BigQuery EXPORT DATA OPTIONS TO JSON Not retaining...

souravsingh13 · 09-07-2024 02:23 AM

We are using EXPORT DATA OPTIONS to export tables to newline delimited JSON files.

We are not able to export table rows correctly which any column with NULL value, column values with NULL value is getting removed from JSON.

A | B | C
1. 2. 3
4 NULL 6

{"A": 1, "B": 2, "C":3}
{"A": 4, "C":6}

What we need :
{"A": 1, "B": 2, "C":3}
{"A": 4, "B": None, "C":6} or {"A": 4, "B": NULL, "C":6}

jangemmar

Hi @souravsingh13,

Welcome to Google Cloud Community!

As mentioned by @Betjens in a similar case, There are two options to handle null values in exporting data in BigQuery to JSON format.

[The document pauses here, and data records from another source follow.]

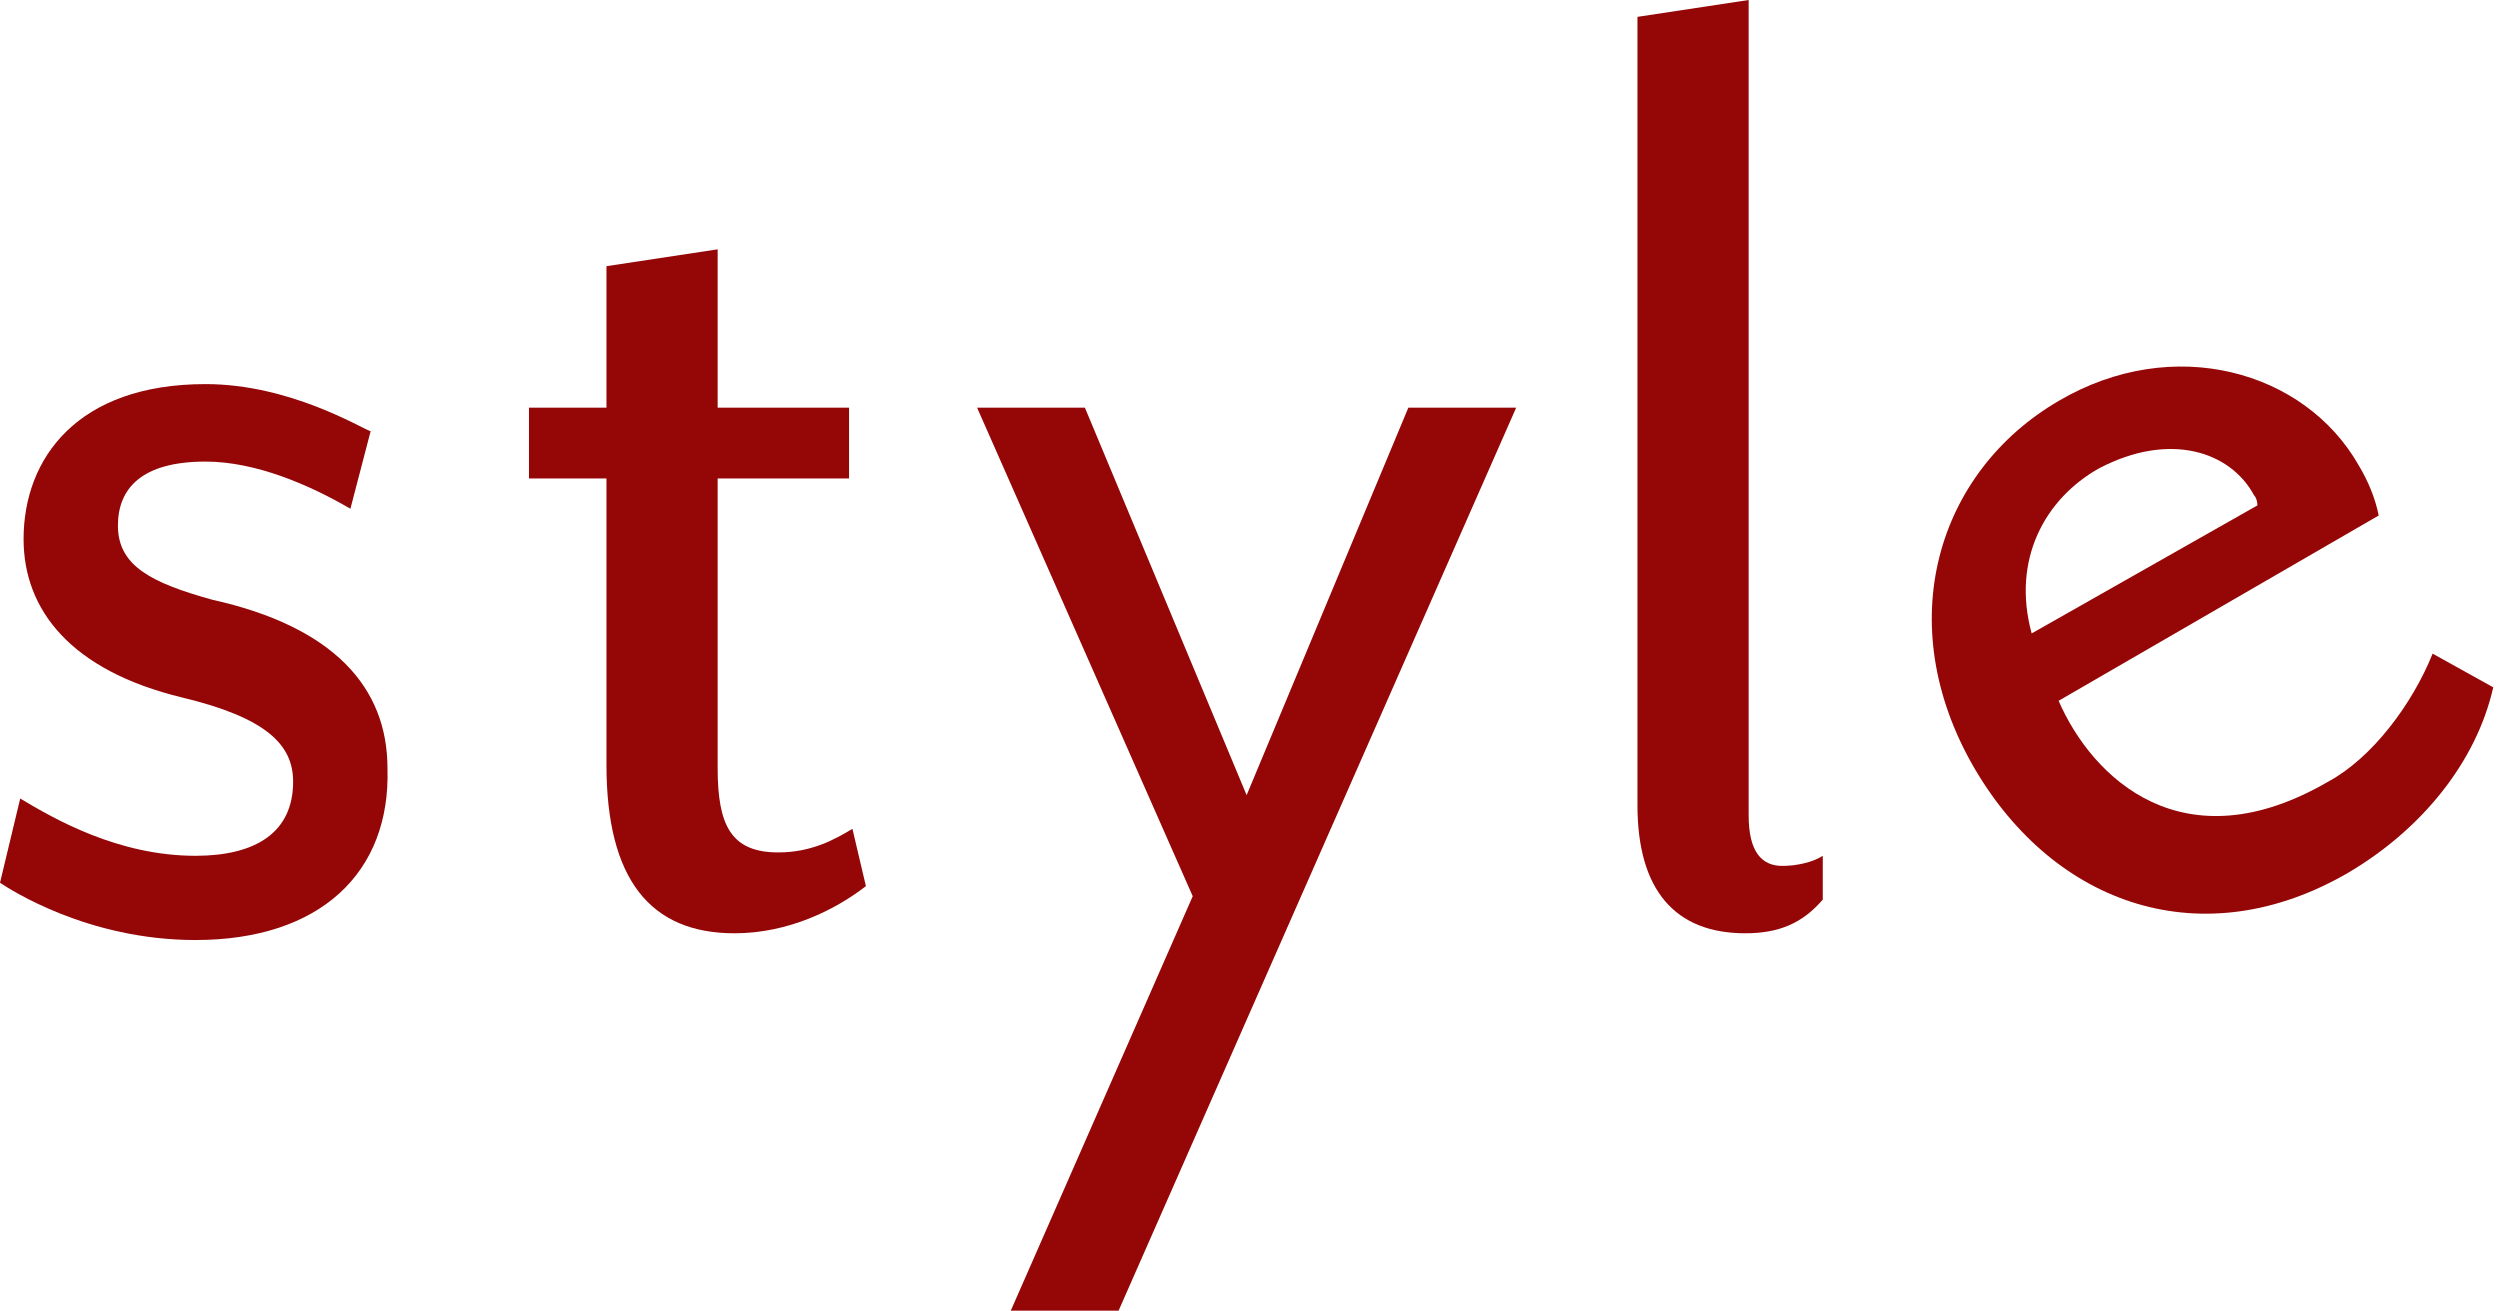<?xml version="1.0" encoding="utf-8"?>
<!-- Generator: Adobe Illustrator 27.9.0, SVG Export Plug-In . SVG Version: 6.00 Build 0)  -->
<svg version="1.1" id="レイヤー_1" xmlns="http://www.w3.org/2000/svg" xmlns:xlink="http://www.w3.org/1999/xlink" x="0px"
	 y="0px" viewBox="0 0 74.2 38.9" style="enable-background:new 0 0 74.2 38.9;" xml:space="preserve">
<style type="text/css">
	.st0{fill:#950707;}
</style>
<path class="st0" d="M5.8,27.9c-3.2,0-5.5-1.5-5.8-1.7l0.6-2.5c1,0.6,2.9,1.7,5.2,1.7c1.8,0,2.9-0.7,2.9-2.2c0-1.1-0.8-1.9-3.3-2.5
	c-3.3-0.8-4.7-2.6-4.7-4.7c0-2.4,1.6-4.6,5.4-4.6c2.5,0,4.6,1.3,4.9,1.4l-0.6,2.3c-1.2-0.7-2.8-1.4-4.3-1.4c-1.9,0-2.6,0.8-2.6,1.9
	c0,1.2,1,1.7,2.8,2.2c3.6,0.8,5.2,2.6,5.2,5C11.6,25.9,9.5,27.9,5.8,27.9z"/>
<path class="st0" d="M21.8,27.7c-2.5,0-3.8-1.6-3.8-5v-8.5h-2.3v-2.1H18V7.9l3.3-0.5v4.7h3.9v2.1h-3.9v8.6c0,1.7,0.4,2.5,1.8,2.5
	c1,0,1.7-0.4,2.2-0.7l0.4,1.7C24.8,27,23.4,27.7,21.8,27.7z"/>
<path class="st0" d="M33.2,38.9H30l5.4-12.3L29,12.1h3.2L37,23.6l4.8-11.5h3.2L33.2,38.9z"/>
<path class="st0" d="M51.8,27.7c-2.1,0-3.2-1.3-3.2-3.8V0.5L51.9,0v24.2c0,1.1,0.4,1.5,1,1.5c0.4,0,0.9-0.1,1.2-0.3v1.3
	C53.5,27.4,52.8,27.7,51.8,27.7z"/>
<path class="st0" d="M69.7,25.9c-4.3,2.5-8.7,1-11.1-3.1c-2.5-4.3-1.1-8.8,2.5-10.9c3.4-2,7.3-0.9,8.9,1.9c0.3,0.5,0.5,1,0.6,1.5
	l-9.5,5.5c1,2.3,3.7,4.9,8,2.4c1.3-0.7,2.5-2.3,3.1-3.8l1.8,1C73.5,22.6,71.9,24.6,69.7,25.9z M62.3,13.9c-1.6,0.9-2.6,2.7-2,4.9
	L67,15c0,0,0-0.2-0.1-0.3C66.2,13.4,64.4,12.8,62.3,13.9z"/>
</svg>

Calling directly from python using BigQuery client library

from google.cloud import bigquery
import json

client = bigquery.Client()

query = "select null as field1, null as field2"
query_job = client.query(query)

json_list = {}
for row in query_job:
    json_row = {'field1':row[0],'field2':row[1]}
    json_list.update(json_row)
    
with open('test.json','w+') as file:
    file.write(json.dumps(json_list))

You can also use Apache Beam Dataflow with python and BigQuery to handle the null values

import apache_beam as beam
from apache_beam.io import BigQuerySource
from apache_beam.io import WriteToText
from apache_beam.options.pipeline_options import PipelineOptions
from apache_beam.options.pipeline_options import SetupOptions



def add_null_field(row, field):
  if field!='skip':
    row.update({field: row.get(field, None)})
  return row


def run(argv=None, save_main_session=True):
    parser = argparse.ArgumentParser()
    parser.add_argument(
        '--output',
        dest='output',
        required=True,
        help='Output file to write results to.')
    known_args, pipeline_args = parser.parse_known_args(argv)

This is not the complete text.